MKTG SR - pasek na kartach artykułów

XVIII zjazd legendarnej drużyny piłkarskiej Cieśliki w Ustce

Magdalena Olechnowicz
Magdalena Olechnowicz
W weekend, 14-16 czerwca, odbędzie się XVIII Zjazd Absolwentów Międzyszkolnego Klubu Sportowego Cieśliki. To tradycja wiernie kultywowana od 2003 roku. Panowie grali w piłkę nożną w latach 1960-1972. Wśród nich są reprezentanci Polski. Dziś zdrowie już im nie pozwala na bieganie za piłką, ale z sentymentem wracają do dawnych czasów.

Jest w Polsce taka drużyna - Cieśliki - tak nazwa jej brzmi, to są chłopcy z naszej ulicy, Cieśliki to właśnie my - tak brzmi hasło przewodnie legendarnego w Słupsku klubu piłkarskiego.

Od piątku do niedzieli (14-16 czerwca) w Ustce, w Ośrodku Wypoczynkowym Albatros, odbędzie się XVIII Zjazd Absolwentów Międzyszkolnego Klubu Sportowego MKS Cieśliki Słupsk.

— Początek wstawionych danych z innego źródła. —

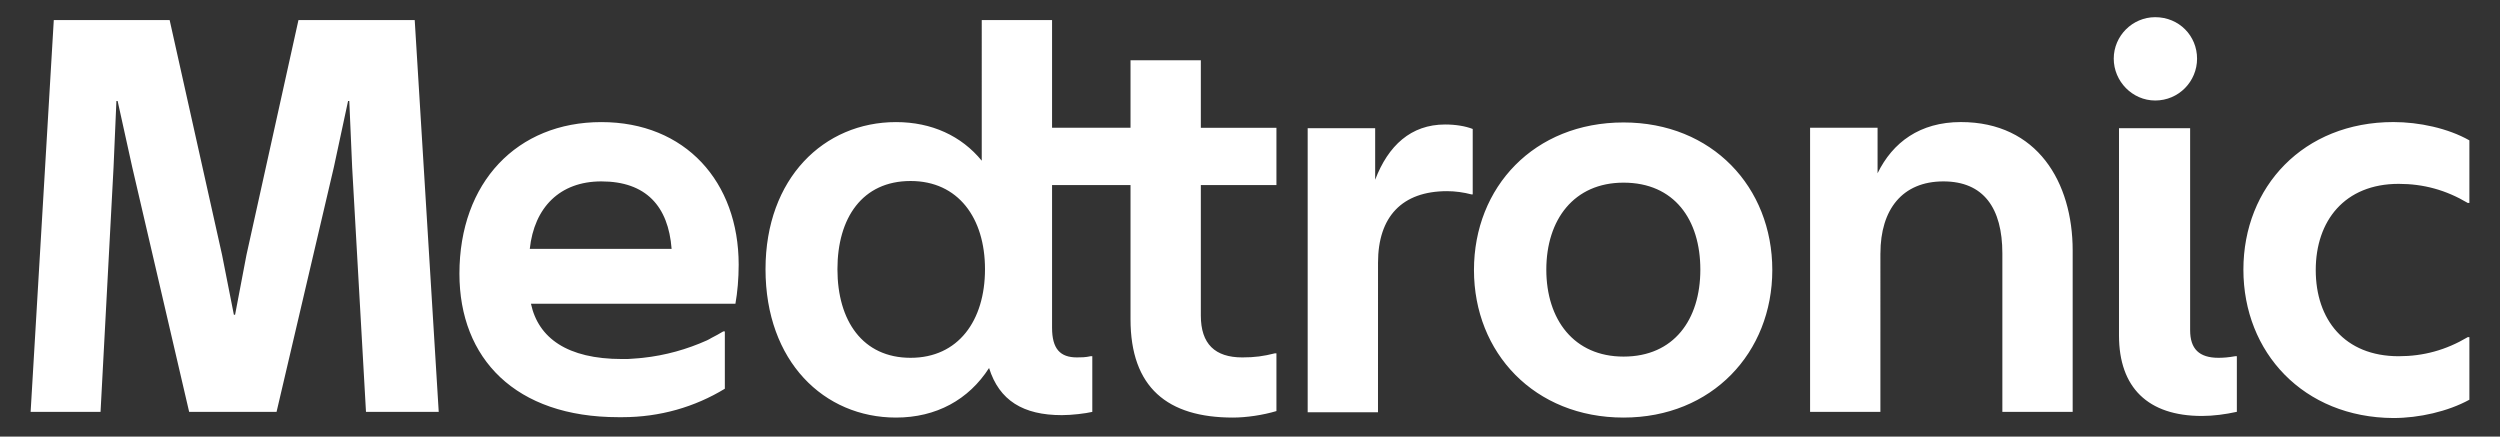 <svg xmlns="http://www.w3.org/2000/svg" xmlns:xlink="http://www.w3.org/1999/xlink" id="Capa_1" x="0px" y="0px" viewBox="0 0 760.89 132.89" style="enable-background:new 0 0 760.89 132.89;" xml:space="preserve"><rect x="0" y="0" width="760.89" height="132.89" fill="#333333" stroke="none"/><style type="text/css">	.st0{fill:#FFFFFF;}</style><g>	<path class="st0" d="M682.79,82.06c0-25.24,18.31-44.91,45.65-44.91c7.79,0,16.58,1.86,23.13,5.57v19.05h-0.49  c-6.68-3.96-13.48-5.81-21.03-5.81c-16.45,0-25.24,11.26-25.24,26.23c0,15.09,8.78,26.23,25.24,26.23c7.55,0,14.35-1.86,21.03-5.81  h0.49v19.05c-6.56,3.59-15.34,5.57-23.13,5.57C701.1,127.09,682.79,107.29,682.79,82.06 M680.69,125.36  c-3.34,0.74-7.05,1.24-10.52,1.24c-16.45,0-25.24-8.66-25.24-24.49V39.01h21.65v61.48c0,5.69,2.72,8.41,8.66,8.41  c1.36,0,3.09-0.12,5.07-0.49h0.49v16.95H680.69z M668.69,17.85c0,6.93-5.57,12.74-12.74,12.74c-6.93,0-12.62-5.81-12.62-12.74  c0-6.93,5.69-12.62,12.62-12.62C663.24,5.23,668.69,10.92,668.69,17.85 M572.32,77.11c0-13.36,6.68-21.9,19.17-21.9  c12.25,0,17.94,8.16,17.94,21.9v48.25h21.4V76.24c0-20.78-10.76-39.09-34.02-39.09c-12.49,0-20.78,6.19-25.36,15.59V38.88h-20.54  v86.47h21.4V77.11z M494.13,108.53c15.34,0,23.38-11.26,23.38-26.47s-7.92-26.47-23.38-26.47c-15.09,0-23.5,11.26-23.5,26.47  S479.04,108.53,494.13,108.53 M494.13,127.09c-27.09,0-45.52-19.67-45.52-44.91s18.31-44.91,45.52-44.91  c26.97,0,45.28,19.67,45.28,44.91C539.41,107.29,521.1,127.09,494.13,127.09 M419.41,79.95c0-13.98,7.3-21.77,21.03-21.77  c2.47,0,5.07,0.37,7.42,0.99h0.37V39.25c-2.23-0.87-5.2-1.36-8.41-1.36c-10.39,0-17.32,6.43-21.28,16.82V39.01h-20.54v86.47h21.4  L419.41,79.95L419.41,79.95z M277.15,108.9c14.47,0,22.64-11.26,22.64-26.97c0-15.59-8.16-26.84-22.64-26.84  c-14.72,0-22.27,11.26-22.27,26.84C254.88,97.64,262.55,108.9,277.15,108.9 M375.25,127.09c-19.92,0-31.17-9.15-31.17-29.94V56.33  H320.2v43.42c0,6.43,2.47,9.03,7.55,9.03c1.24,0,2.6,0,4.21-0.37h0.49v16.95c-2.1,0.49-6.19,0.99-9.28,0.99  c-11.75,0-19.05-4.45-22.14-14.35c-6.19,9.65-16.08,15.09-28.33,15.09c-21.9,0-39.71-17.07-39.71-45.15  c0-27.71,17.81-44.78,39.71-44.78c10.89,0,19.92,4.21,26.1,11.75V6.1h21.4v32.78h23.88V18.35h21.4v20.54h23.01v17.44h-23.01v39.71  c0,8.66,4.33,12.74,12.62,12.74c3.83,0,6.43-0.37,9.9-1.24h0.49v17.57C384.4,126.34,379.33,127.09,375.25,127.09 M9.32,125.36H30.6  l3.96-74.47l0.87-20.16h0.37l4.45,20.16l17.32,74.47h26.6l17.44-74.47l4.33-20.16h0.37l0.87,20.16l4.21,74.47h22.14L126.22,6.1  H90.84L75.01,77.6l-3.46,18.19h-0.37L67.59,77.6L51.63,6.1H16.37L9.32,125.36z M224.82,80.57c0,4.21-0.37,8.41-0.99,11.88H161.6  c2.23,10.39,11.01,16.82,27.71,16.82c0.12,0,0.12,0,0.25,0c0.12,0,0.12,0,0.12,0c0.99,0,2.1,0,3.09-0.12  c0.49,0,1.11-0.12,1.61-0.12c0.37,0,0.87-0.12,1.24-0.12c6.93-0.74,13.48-2.6,19.55-5.32c0.49-0.25,0.99-0.49,1.36-0.74l0,0  c1.24-0.62,2.35-1.24,3.59-1.98h0.49v17.44c-9.15,5.57-19.79,8.66-31.17,8.66l0,0c-0.37,0-0.87,0-1.24,0  c-31.3,0-48.37-17.81-48.37-43.67c0-27.83,17.57-46.14,43.17-46.14C208.61,37.15,224.82,55.34,224.82,80.57 M204.41,75.75  c-0.99-12.99-7.79-20.54-21.4-20.54c-12.62,0-20.41,7.92-21.77,20.54H204.41z"></path></g></svg>

- Pierwszy zjazd odbył się w miejscowości Rowy - 3-4 kwietnia 2003 roku. Na początku spotykaliśmy się co dwa lata, ale życie zweryfikowało nasze plany. Teraz spotykamy się co roku. Uczestnicy przyjeżdżają z całej Polski i z zagranicy. Na każdym zjeździe jest wielu znamienitych gości - wśród wychowanków MKS Cieśliki są byli reprezentanci kraju, którzy grali w koszulkach z białym orłem na piersi, są też byli kierownicy, prezesi, czy też poseł na Sejm. Byli dumą słupskiej piłki nożnej, kuźnią piłkarskich talentów w latach 1960-1972 - mówi Janusz Żukowski, były zawodnik MKS Cieśliki.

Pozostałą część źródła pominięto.